Если считать по новому стилю, он уехал из Одессы (на этом самом дубке) в начале мая. Уехал со спутницей, которую называл Татидой. Вместе с нею провел у нас последний вечер, ночевал тоже у нас. Провожать его было все-таки грустно. Да и все было грустно: сидели мы в полутьме, при самодельном ночнике, – электричества не позволяли зажигать, – угощали отъезжающих чем-то очень жалким. Одет он был уже по-дорожному – матроска, берет. В карманах держал немало разных спасительных бумажек, на все случаи: на случай большевистского обыска при выходе из одесского порта, на случай встречи в море с французами или добровольцами, – до большевиков у него были в Одессе знакомства и во французских командных кругах, и в добровольческих. Всё же все мы, в том числе и он сам, были в этот вечер далеко не спокойны: бог знает, как-то сойдет это плавание на дубке до Крыма… Беседовали долго и на этот раз почти во всем согласно, мирно. В первом часу разошлись наконец: на рассвете наши путешественники должны были быть уже на дубке. Прощаясь, взволновались, обнялись. Но тут Волошин почему-то неожиданно вспомнил, как он однажды зимой сидел с Алексеем Толстым в кофейне Робина, как им вдруг пришло в голову начать медленно, но все больше и больше – и притом с самыми серьезными, почти зверскими лицами – надуваться, затем так же медленно выпускать дыхание и как вокруг них начала собираться удивленная, не понимающая, в чем дело, публика. Потом очень хорошо стал изображать медвежонка…
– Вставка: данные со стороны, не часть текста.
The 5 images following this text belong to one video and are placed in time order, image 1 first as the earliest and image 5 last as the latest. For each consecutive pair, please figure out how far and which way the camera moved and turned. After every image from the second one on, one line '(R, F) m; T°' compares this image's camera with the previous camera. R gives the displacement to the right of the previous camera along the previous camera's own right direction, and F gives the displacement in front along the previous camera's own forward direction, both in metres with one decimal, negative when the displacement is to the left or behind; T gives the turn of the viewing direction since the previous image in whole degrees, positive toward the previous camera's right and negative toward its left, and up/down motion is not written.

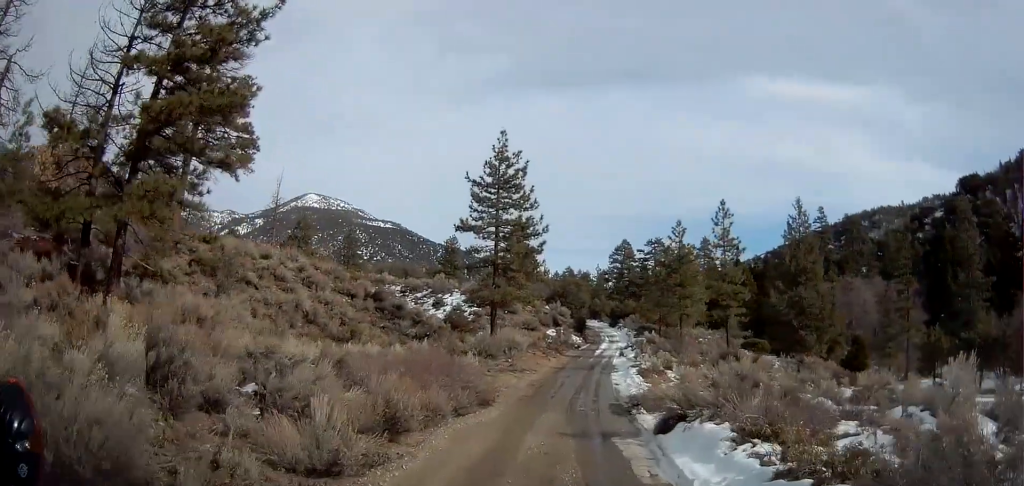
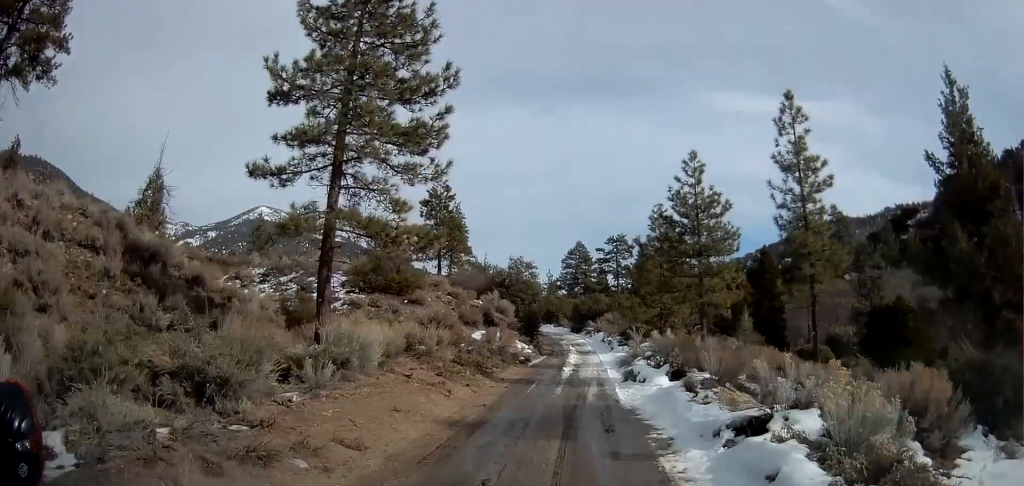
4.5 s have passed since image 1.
(+1.0, +24.6) m; +4°
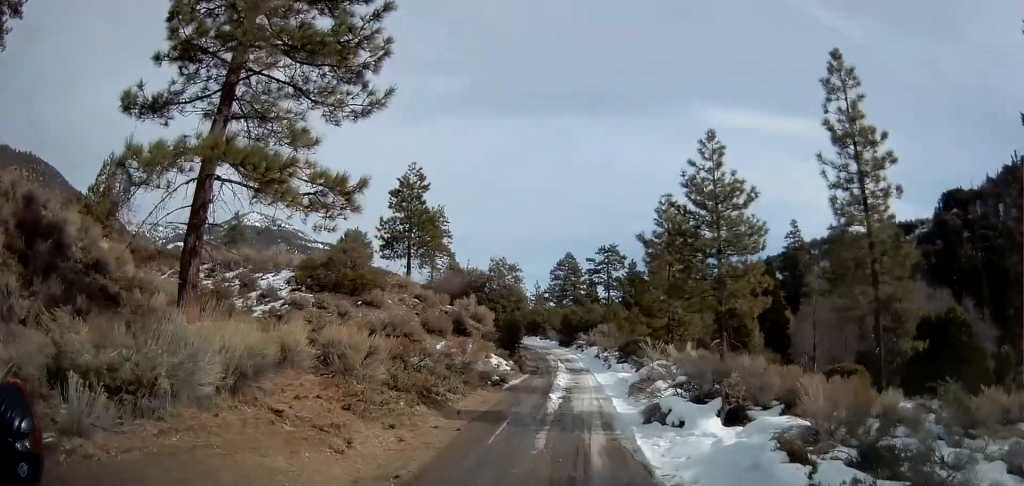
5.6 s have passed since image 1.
(-0.1, +6.7) m; +1°
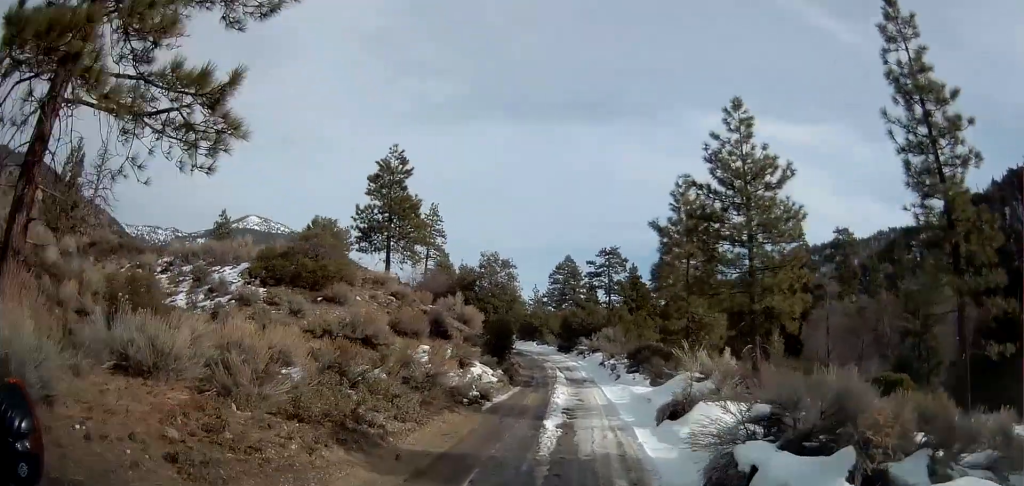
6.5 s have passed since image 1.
(+0.1, +5.1) m; +3°
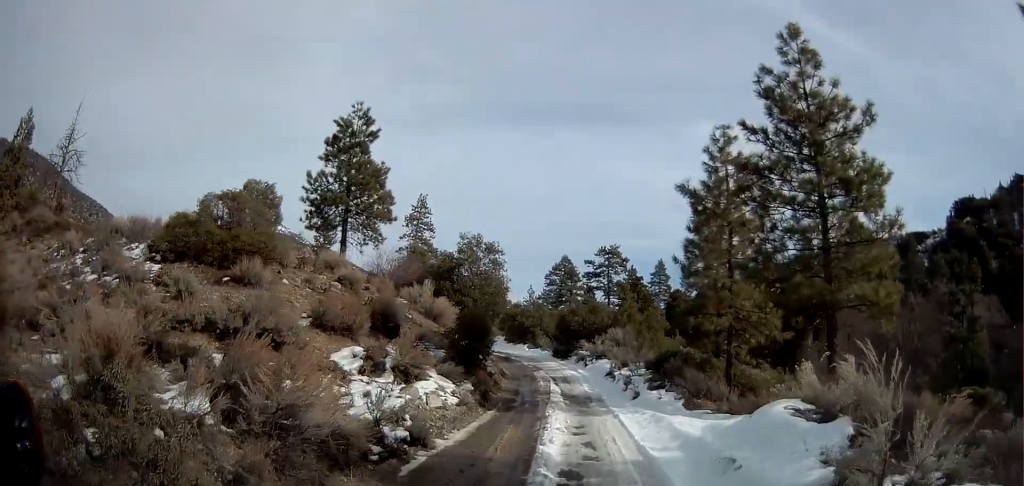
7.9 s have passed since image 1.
(0.0, +7.4) m; -2°
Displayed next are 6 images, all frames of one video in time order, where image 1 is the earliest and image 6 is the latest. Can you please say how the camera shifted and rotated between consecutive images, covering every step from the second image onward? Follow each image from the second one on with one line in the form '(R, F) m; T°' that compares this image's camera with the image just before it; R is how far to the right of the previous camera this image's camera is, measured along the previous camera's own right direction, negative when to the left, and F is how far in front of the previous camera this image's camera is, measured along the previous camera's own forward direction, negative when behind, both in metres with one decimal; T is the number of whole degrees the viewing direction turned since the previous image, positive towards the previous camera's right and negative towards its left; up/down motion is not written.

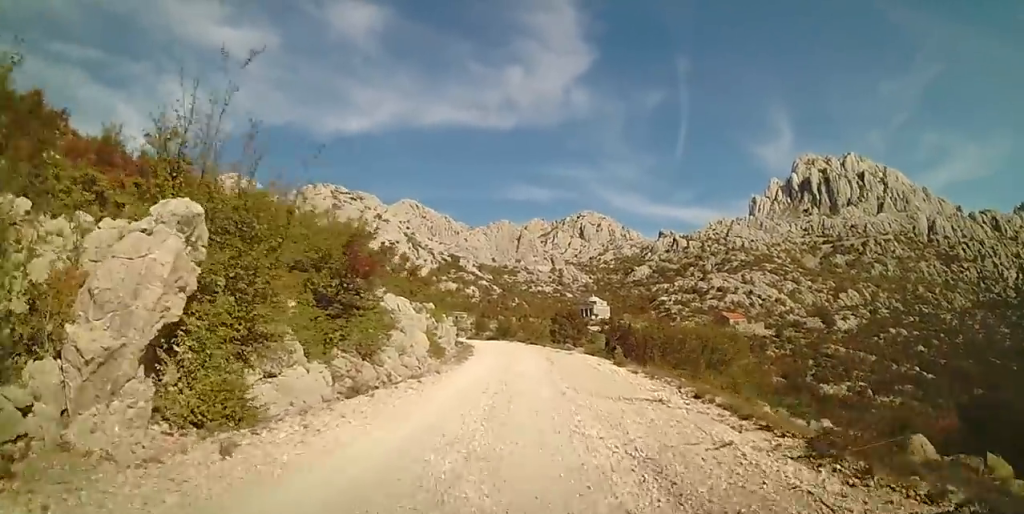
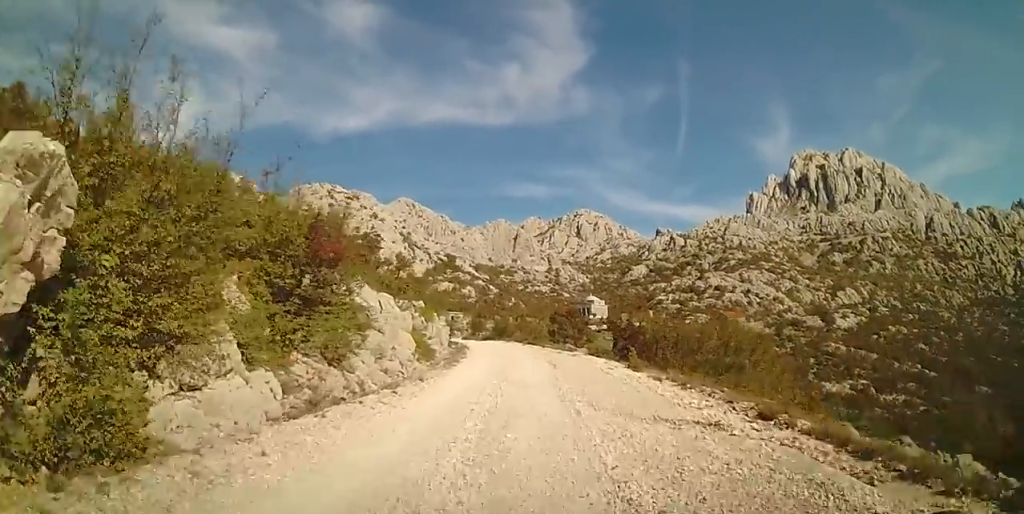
(-0.1, +2.7) m; +1°
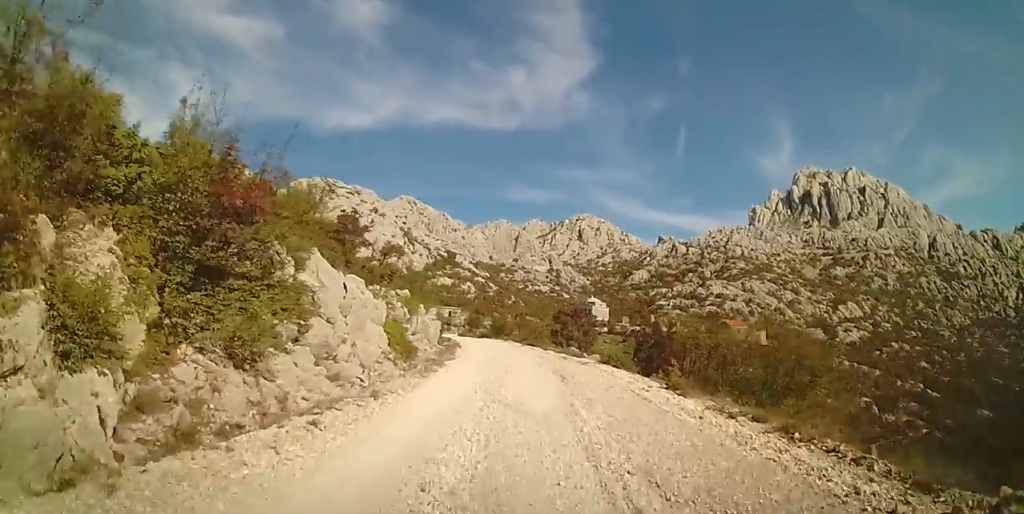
(+0.3, +4.5) m; +2°
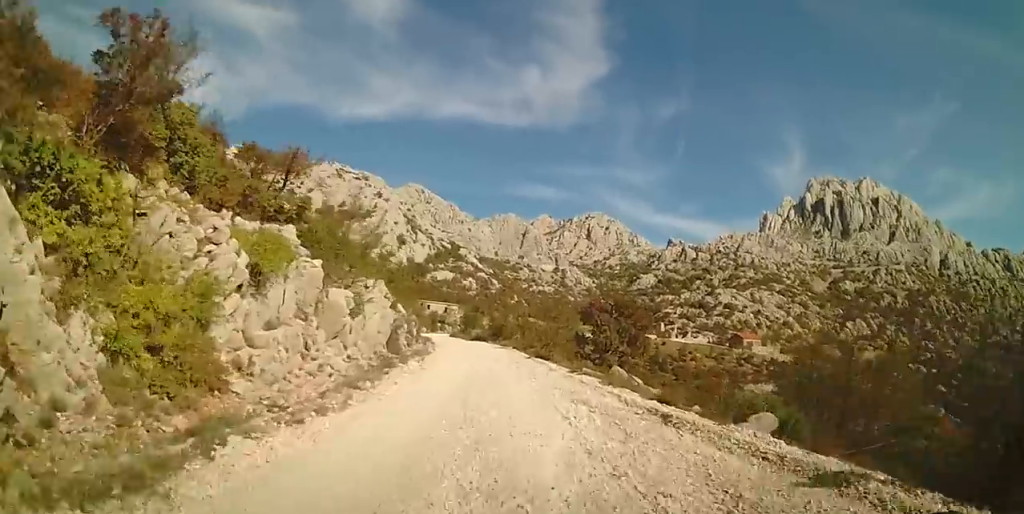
(+0.2, +15.7) m; -2°
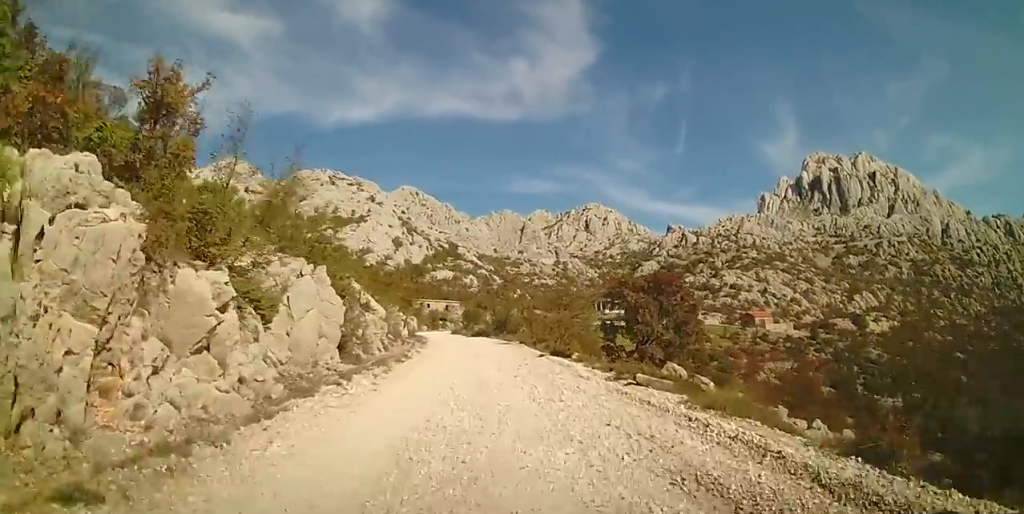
(-0.4, +6.7) m; 0°
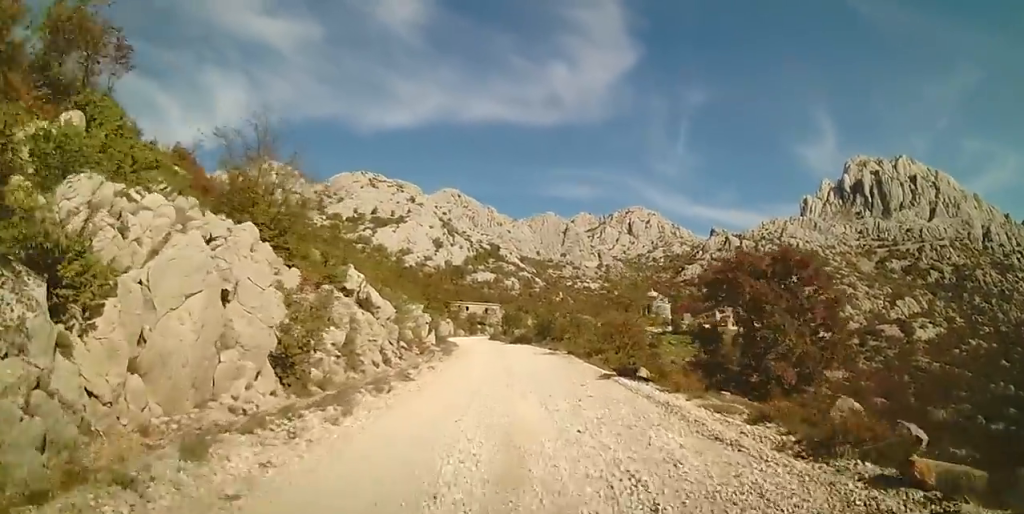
(+0.3, +6.6) m; -1°

С пути он прислал нам открытку, писанную 16 мая в Евпатории:

«Пока мы благополучно добрались до Евпатории и второй день ждем поезда. Мы пробыли день на Кинбурнской косе, день в Очакове, ожидая ветра, были дважды останавливаемы французским миноносцем, болтались ночь без ветра, во время мертвой зыби, были обстреляны пулеметным огнем под Ак-Мечетью, скакали на перекладных целую ночь по степям и гниющим озерам, а теперь застряли в грязнейшей гостинице, ожидая поезда. Все идет не скоро, но благополучно. Масса любопытнейших человеческих документов… Очень приятно вспоминать последний вечер, у вас проведенный, который так хорошо закончил весь нехороший одесский период».

В ноябре того же года пришло еще одно письмо от него, из Коктебеля. Привожу его начало:

«Большое спасибо за ваше письмо: как раз эти дни все почему-то возвращался мысленно к вам, и оно пришло как бы ответом на мои мысли.

Мои приключения только и начались с выездом из Одессы. Мои большевистские знакомства и встречи развивались по дороге от матросов-разведчиков до „командарма“, который меня привез в Симферополь в собственном вагоне, оказавшись моим старым знакомым.

Потом я сидел у себя в мастерской под артиллерийским огнем: первый десант добровольцев был произведен в Коктебеле, и делал его „Кагул“, со всею командой которого я был дружен по Севастополю: так что их первый визит был на мою террасу.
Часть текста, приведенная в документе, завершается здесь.